Idas y vueltas del modelo K
Si Néstor Kirchner entró en la historia argentina aun antes de morir fue, entre otras cosas, por tres grandes aciertos políticos. Javier Cámara.
Si Néstor Kirchner entró en la historia argentina aun antes de morir fue, entre otras cosas, por tres grandes aciertos políticos: La implementación de un modelo político-económico que, favorecido por la coyuntura internacional, le permitió al país salir de la peor crisis de su historia, crecer durante ocho años seguidos a una tasa de entre siete y ocho por ciento, y favorecer a sectores históricamente desprotegidos que lo premiaron con su apoyo electoral.
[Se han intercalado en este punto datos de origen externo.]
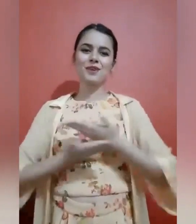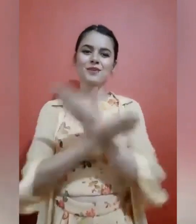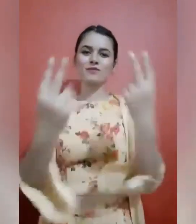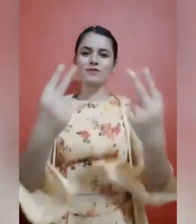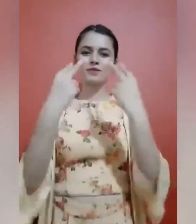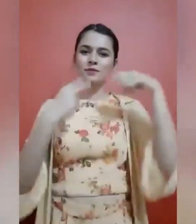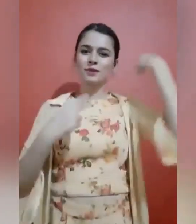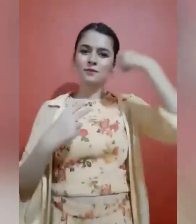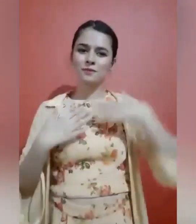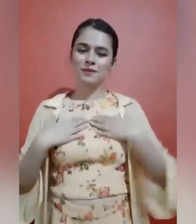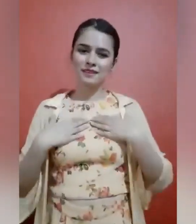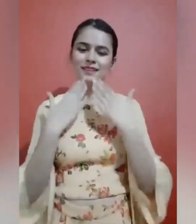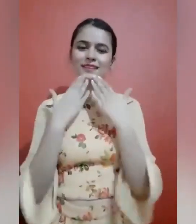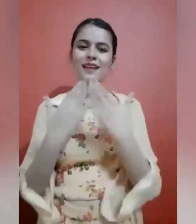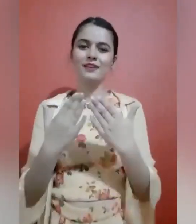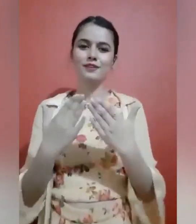के लिए आप सभी का धन्यवाद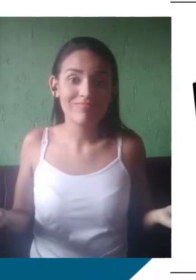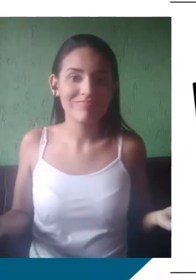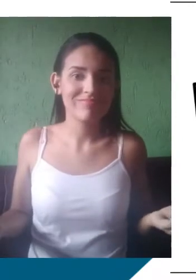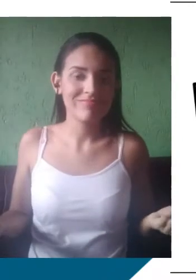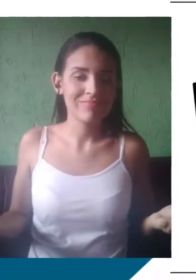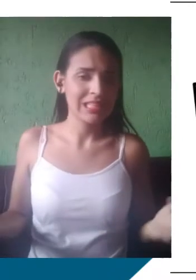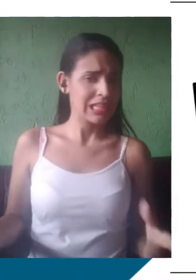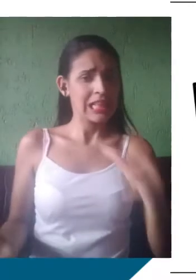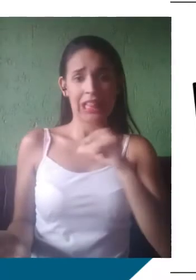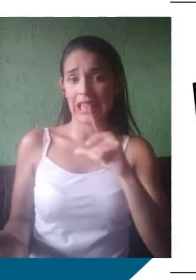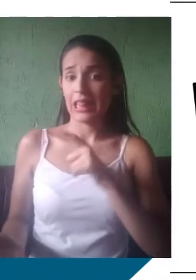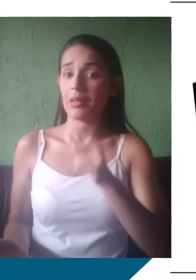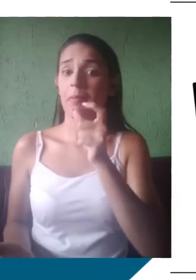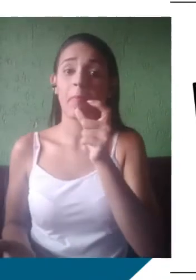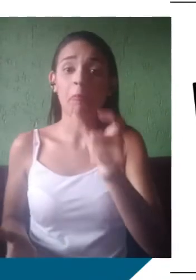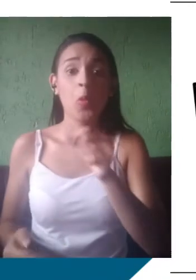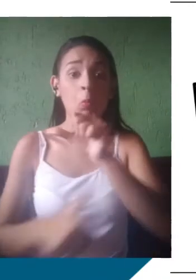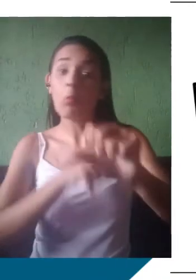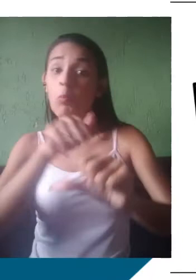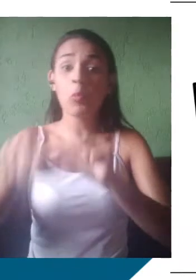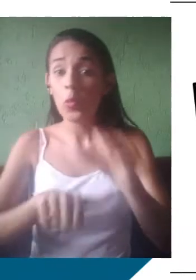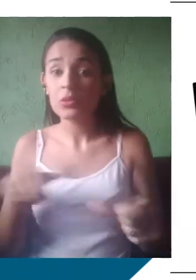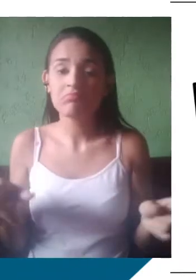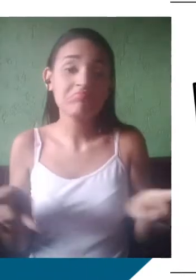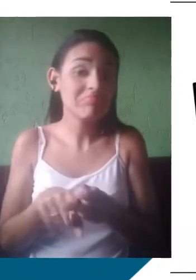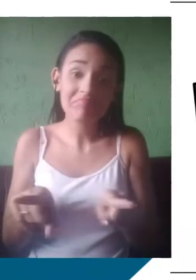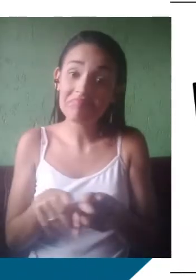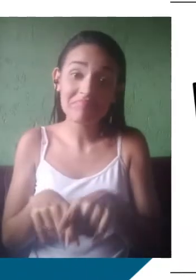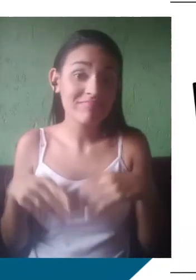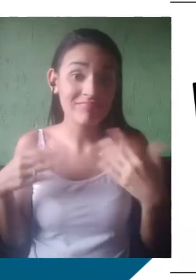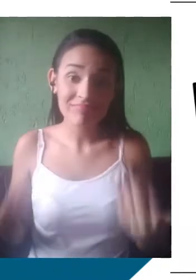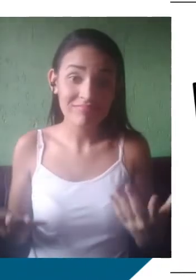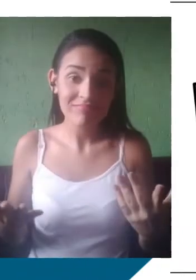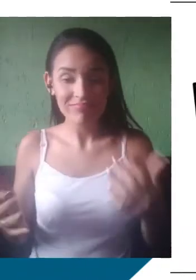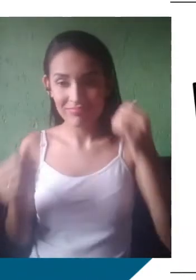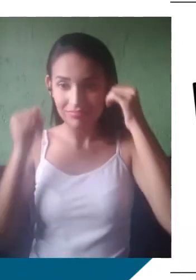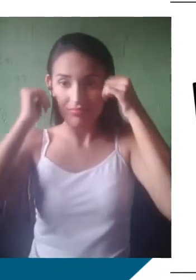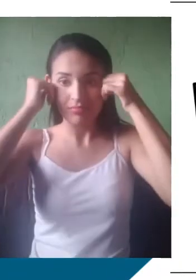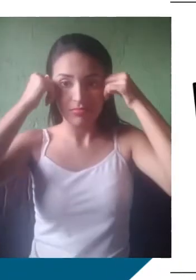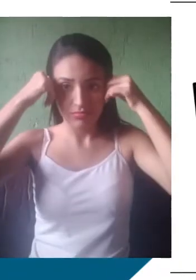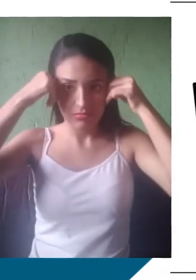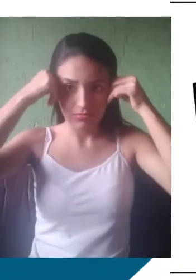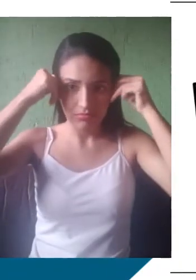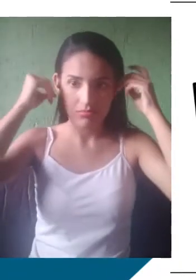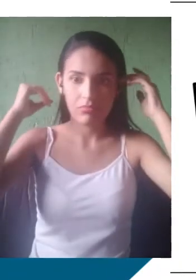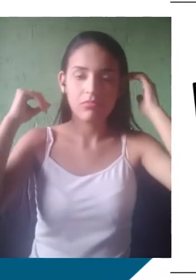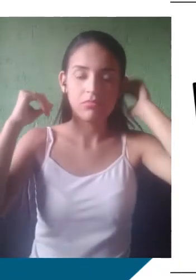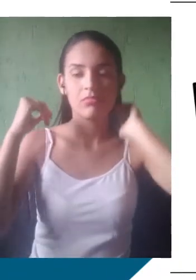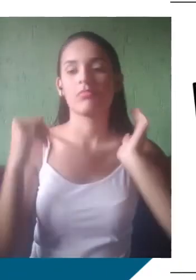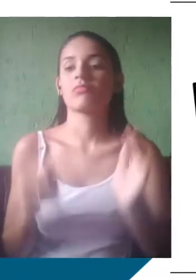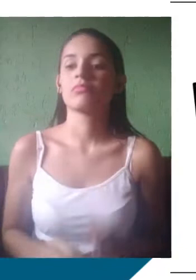línguas, ao longo de sua existência, vão sofrendo mudanças e podem até ser extintas, como aconteceu com o latim

El impulso político determinante (mediante la anulación de las denominadas leyes del perdón) para que la Justicia Federal avanzara en los juicios a los responsables de delitos contra los derechos humanos y la represión ilegal durante la dictadura, para regocijo de una mayoría de argentinos que hoy –como no ocurría años atrás– valoran la búsqueda de memoria, verdad y justicia. La presión política con la que logró, desde el Poder Ejecutivo y con acompañamiento mayoritario del Legislativo, cambiar la integración de la Corte Suprema de Justicia de la Nación, desprestigiada por (valga la repetición) el desprestigio que se había ganado la denominada mayoría automática menemista. El propio Néstor Kirchner y después su sucesora, Cristina Fernández, ponderaron en reiteradas ocasiones la calidad de los nuevos integrantes del máximo tribunal nacional. Pero la luna de miel no duró para siempre. Con el correr de los años y merced a que algunos de los fallos del Alto Cuerpo no favorecieron los intereses del poder central, Néstor y Cristina pasaron del elogio a la crítica. Hoy son enemigos.No fue el único cambio de parecer. Y no es casualidad. Hace siete años, con Néstor presidente y Cristina senadora, el oficialismo reformó el Consejo de la Magistratura para reducir la cantidad de sus miembros de 20 a 13, como es en la actualidad. Pero ahora, con Cristina enojada con la Corte y con algunos jueces que no hacen lo que el modelo precisa, el Gobierno rebobina, amplía la cantidad de los miembros del organismo que puede destituirlos y establece que quienes tengan en el futuro esa responsabilidad sean elegidos por el voto popular.Se trata de una estocada que puede resultar mortal para la independencia judicial en la Argentina. ¿O acaso a alguien se le ocurre que un consejero elegido por la mayoría hará algo que no les convenga a los jefes políticos de esa mayoría que lo votó?